Even the panda (undisputedly, the most adorable of all bears) is still a bear. In 2006, in Beijing, a panda named Gu Gu ripped apart a man’s legs when the man jumped into the bear’s enclosure. Reportedly, the man wanted to hug the bear. In 2008, a panda named Yang Yang attacked a student at another zoo. The victim was quoted as saying, “Yang Yang was so cute and I just wanted to cuddle him.”


We got out of the food chain, but it’s possible to apply for readmission. No cover letter, CV, or letters of recommendation are necessary. Your materials will be processed quickly. Look: they’ve already completed the paperwork. Congratulations, your application has been accepted.


There’s a black bear in the poem “Twilight” by Henri Cole. The speaker of the poem sees a bear in an apple tree and says, “Come down, black bear,/ I want to learn the faith of the indifferent.”

“Indifferent” might be the best description I’ve come across. Despite my tendency to imagine bears as vicious hunters and my neighbors’ tendency to picture them as joyful hippies, there’s the possibility that bears actually don’t give a damn. They’re animals who just want to eat berries and roots and occasionally fish. And then be left alone. Still—


I too want to learn the faith of the indifferent. To eat what I want and not care. To be left alone because I’m the swiftest, most powerful animal among these trees. At night, I go to the grocery store. It’s open twenty-four hours and everything shines in neat little rows. I’m the strongest thing in the wild. I buy onions, potatoes, and jalapenos. I take it all home. There’s a skillet. There’s a flame. There’s always salt. Everything is fine, I tell myself.

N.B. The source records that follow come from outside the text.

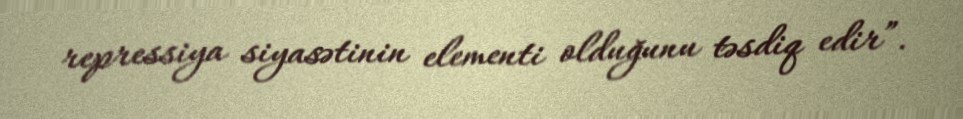
repressiya siyasətinin elementi olduğunu təsdiq edir”.
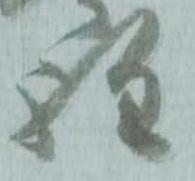
程
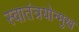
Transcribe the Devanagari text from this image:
स्वातंत्रयोन्मुख
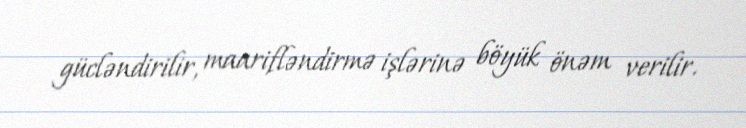
gücləndirilir, maarifləndirmə işlərinə böyük önəm verilir.
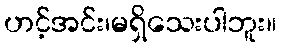
ဟင့်အင်း၊မရှိသေးပါဘူး။
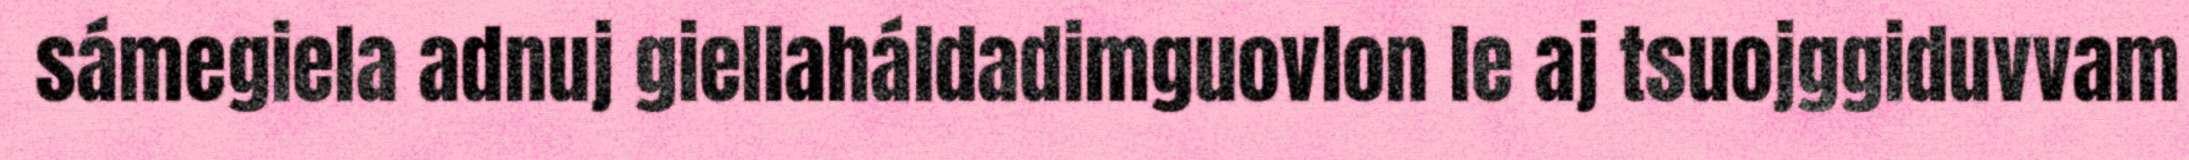
sámegiela adnuj giellaháldadimguovlon le aj tsuojggiduvvam
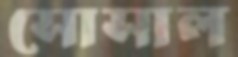
সোসাল
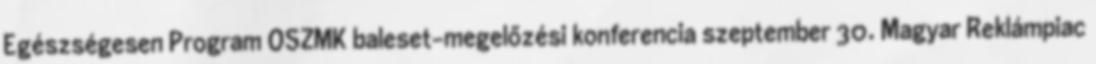
Egészségesen Program OSZMK baleset-megelőzési konferencia szeptember 30. Magyar Reklámpiac
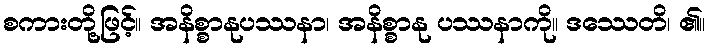
စကားတို့ဖြင့်။ အနိစ္စာနုပဿနာ၊ အနိစ္စာနု ပဿနာကို။ ဒဿေတိ၊ ၏။
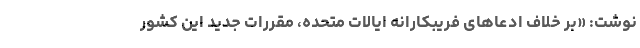
نوشت: «بر خلاف ادعاهای فریبکارانه ایالات متحده، مقررات جدید این کشور
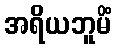
အရိယဘူမိံ
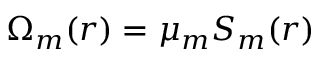
\Omega _ { m } ( \boldsymbol { r } ) = \mu _ { m } S _ { m } ( \boldsymbol { r } )
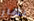
نهار
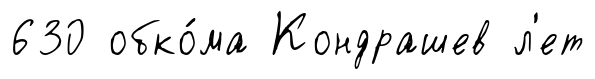
630 обко́ма Кондрашев л'ет

I eat what I can, because I still can.


MATTHEW OLZMANN is the author of two collections of poems: Mezzanines (Alice James Books, 2013)and Contradictions in the Design, which is forthcoming from Alice James Books in November, 2016. His poems, stories, and essays have appeared in Kenyon Review, New England Review, Necessary Fiction, Brevity, Southern Review, and elsewhere.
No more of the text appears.